[Records contained in a dataset]
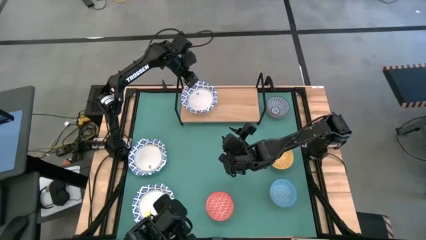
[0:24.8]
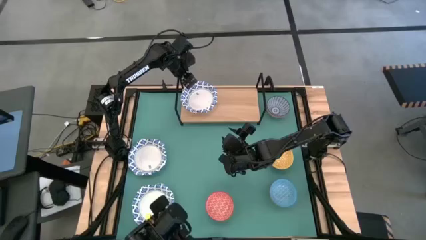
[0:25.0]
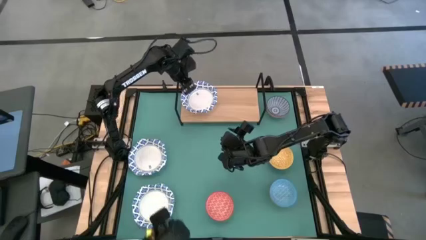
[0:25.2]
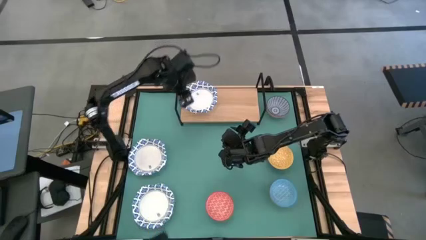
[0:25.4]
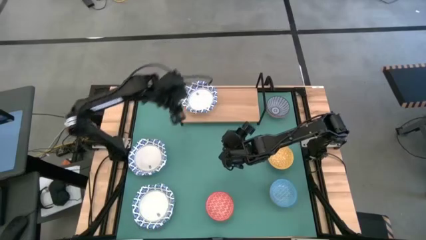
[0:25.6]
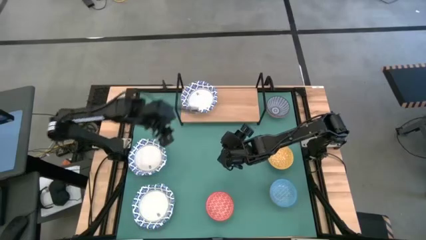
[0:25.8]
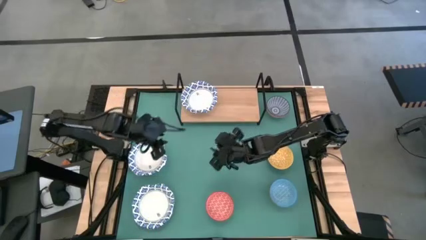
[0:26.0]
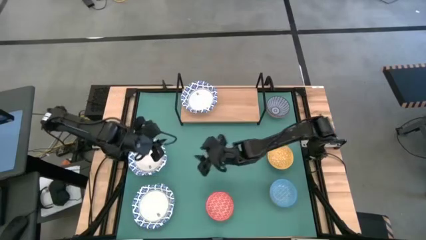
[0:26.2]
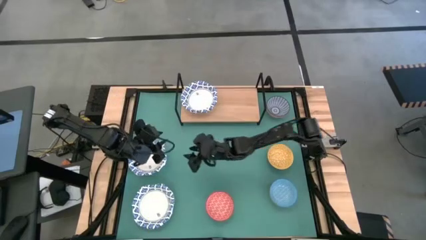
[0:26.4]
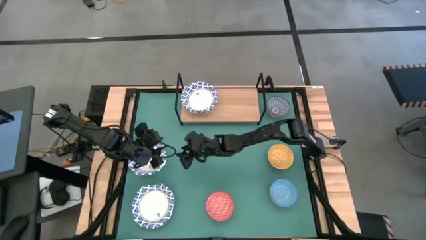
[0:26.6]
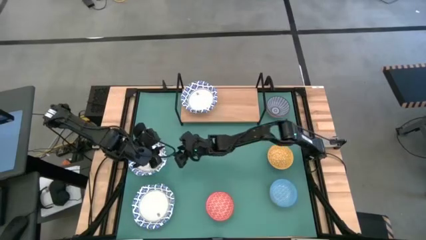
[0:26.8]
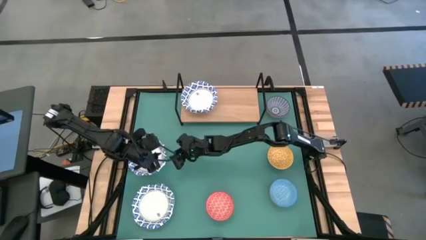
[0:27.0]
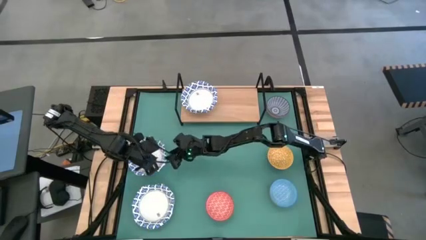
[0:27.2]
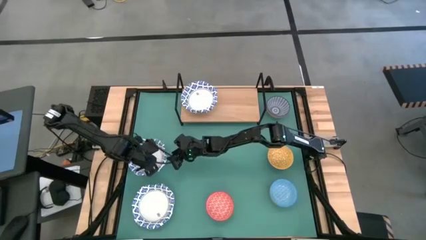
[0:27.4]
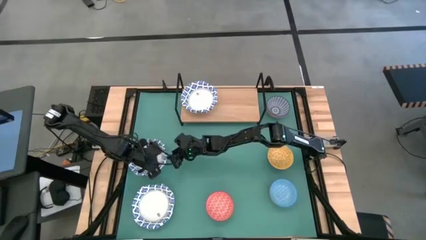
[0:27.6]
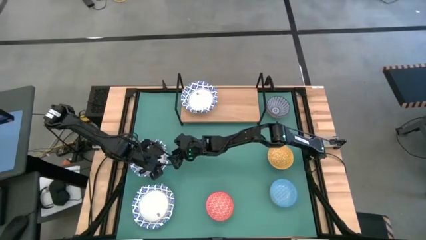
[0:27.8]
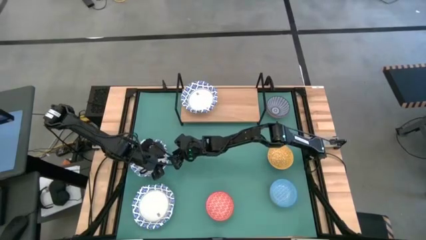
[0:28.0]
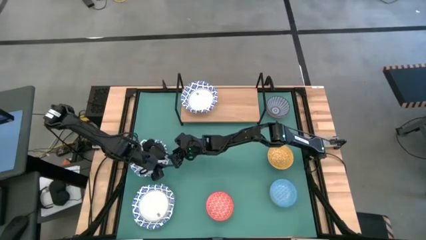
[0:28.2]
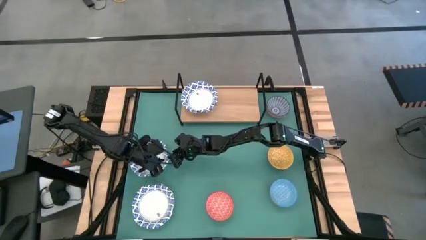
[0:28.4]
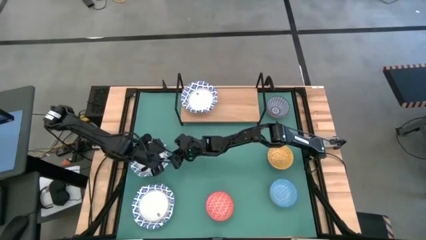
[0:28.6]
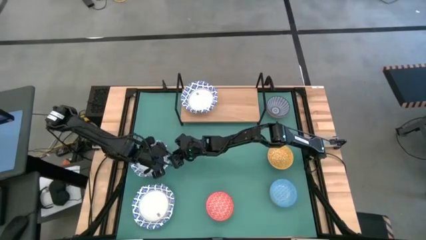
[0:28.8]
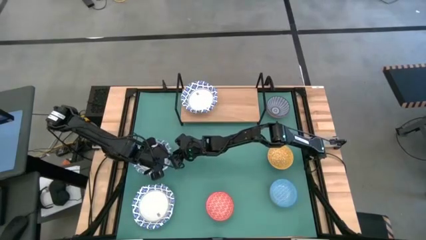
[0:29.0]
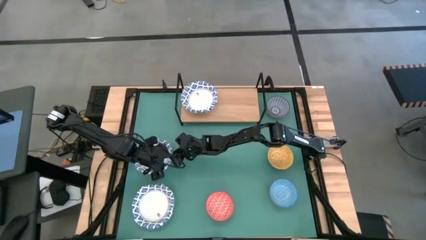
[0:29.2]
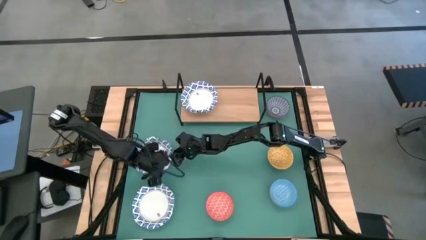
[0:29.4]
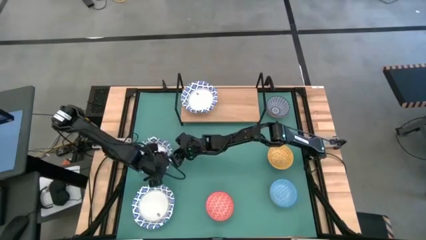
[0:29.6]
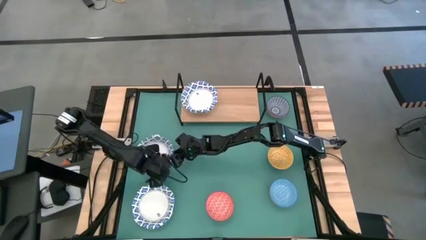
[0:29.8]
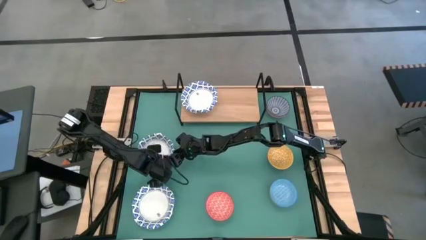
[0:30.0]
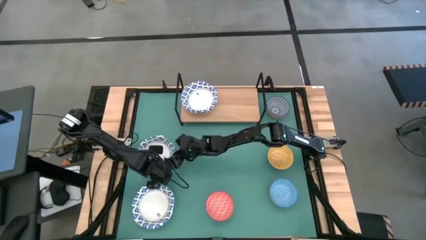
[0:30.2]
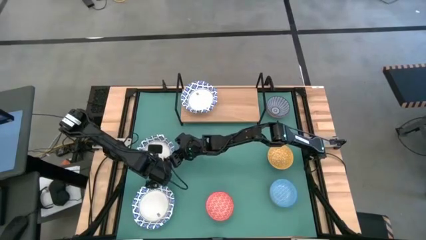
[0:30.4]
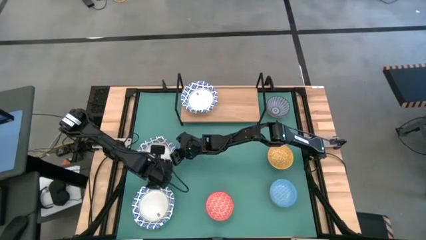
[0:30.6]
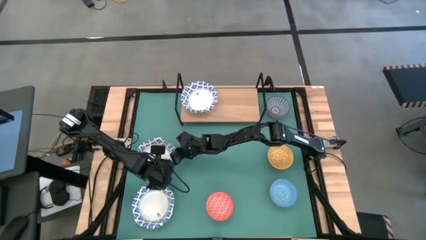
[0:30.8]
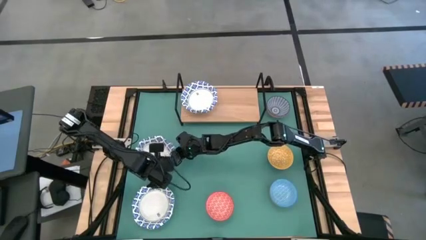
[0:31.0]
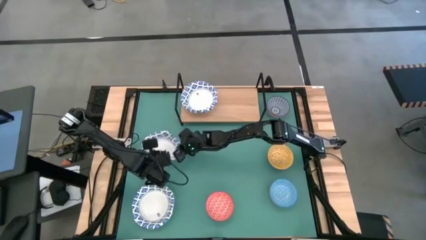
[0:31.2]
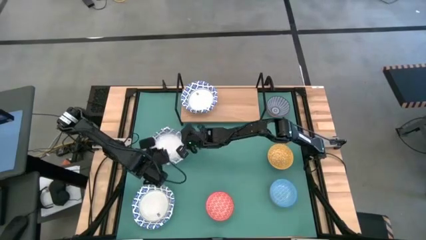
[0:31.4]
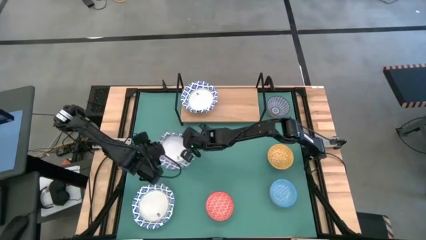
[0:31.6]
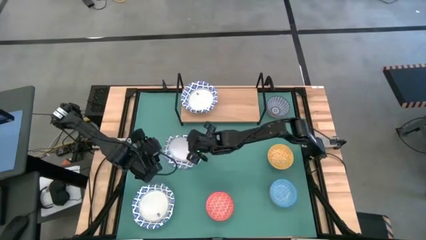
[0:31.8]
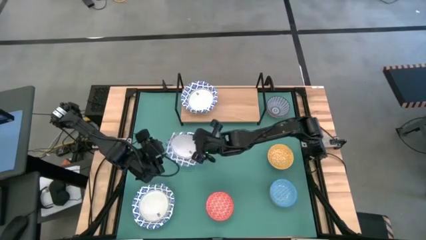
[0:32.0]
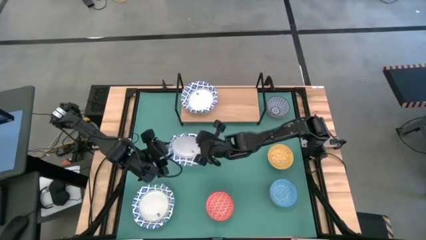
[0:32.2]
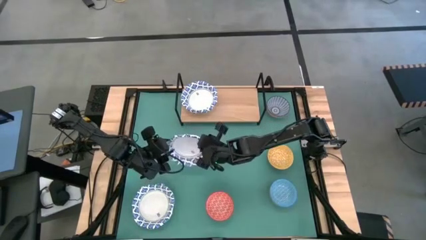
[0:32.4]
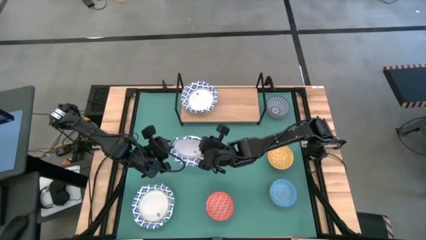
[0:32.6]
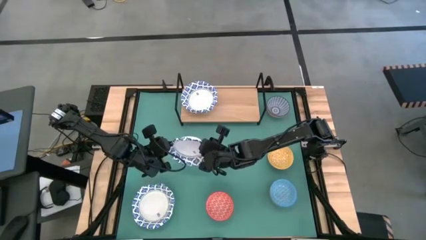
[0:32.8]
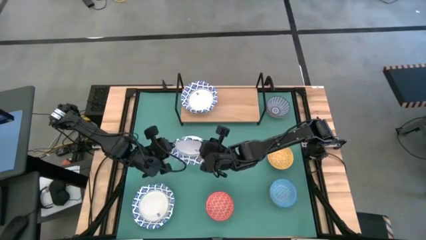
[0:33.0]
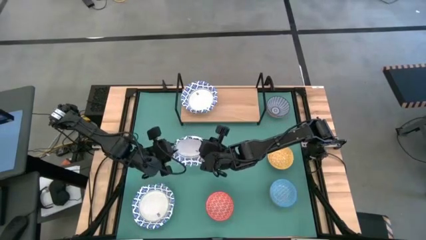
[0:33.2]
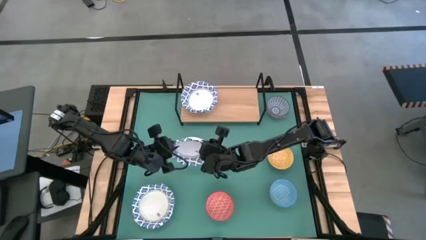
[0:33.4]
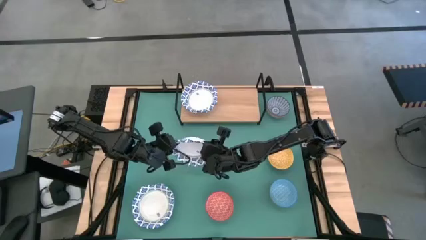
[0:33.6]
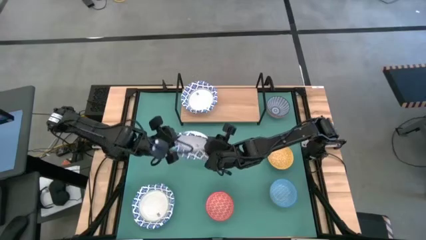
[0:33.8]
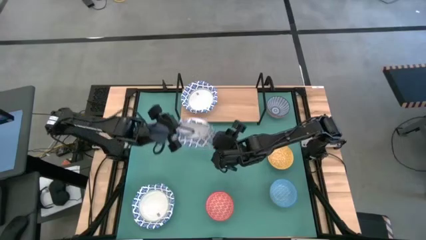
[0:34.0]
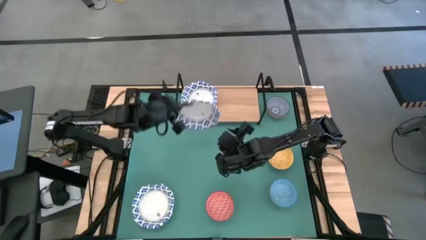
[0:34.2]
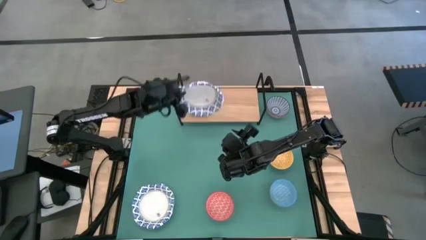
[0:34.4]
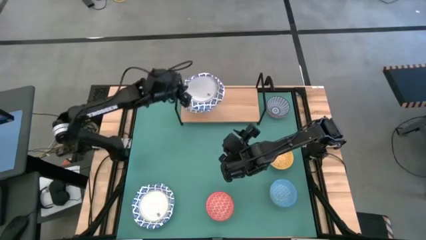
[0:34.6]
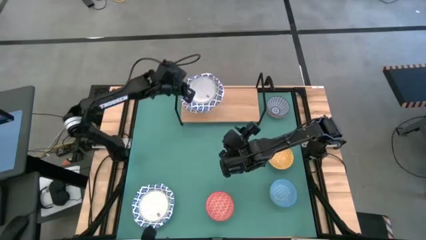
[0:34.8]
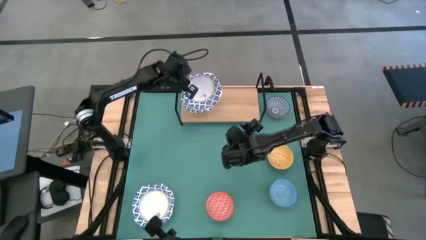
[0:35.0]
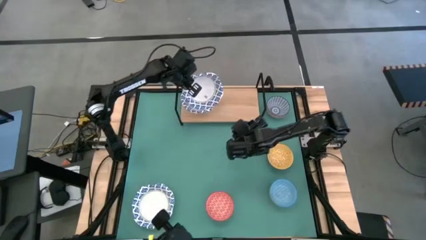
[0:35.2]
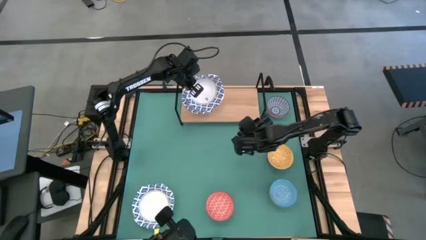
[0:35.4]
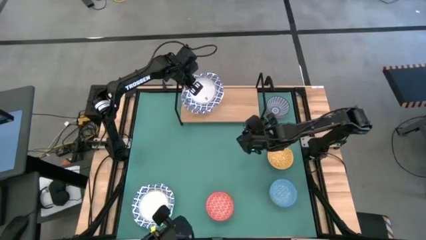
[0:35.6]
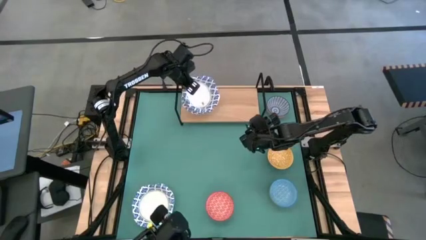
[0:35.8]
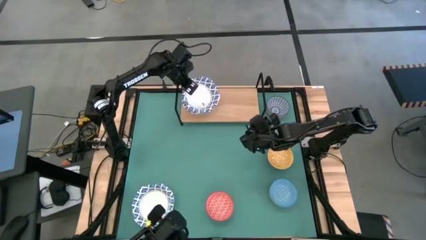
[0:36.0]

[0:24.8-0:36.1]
Task: Place and stack bowls onto a shelf
Stack the white patterned bowl on top of the white patterned bowl on the shelf

• [What you will do] Give the entries again word for word, but skip the pictures.

• [Response to this exercise]
[0:24.8]
[0:25.0]
[0:25.2]
[0:25.4]
[0:25.6]
[0:25.8]
[0:26.0]
[0:26.2]
[0:26.4]
[0:26.6]
[0:26.8]
[0:27.0]
[0:27.2]
[0:27.4]
[0:27.6]
[0:27.8]
[0:28.0]
[0:28.2]
[0:28.4]
[0:28.6]
[0:28.8]
[0:29.0]
[0:29.2]
[0:29.4]
[0:29.6]
[0:29.8]
[0:30.0]
[0:30.2]
[0:30.4]
[0:30.6]
[0:30.8]
[0:31.0]
[0:31.2]
[0:31.4]
[0:31.6]
[0:31.8]
[0:32.0]
[0:32.2]
[0:32.4]
[0:32.6]
[0:32.8]
[0:33.0]
[0:33.2]
[0:33.4]
[0:33.6]
[0:33.8]
[0:34.0]
[0:34.2]
[0:34.4]
[0:34.6]
[0:34.8]
[0:35.0]
[0:35.2]
[0:35.4]
[0:35.6]
[0:35.8]
[0:36.0]

[0:24.8-0:36.1]
Task: Place and stack bowls onto a shelf
Stack the white patterned bowl on top of the white patterned bowl on the shelf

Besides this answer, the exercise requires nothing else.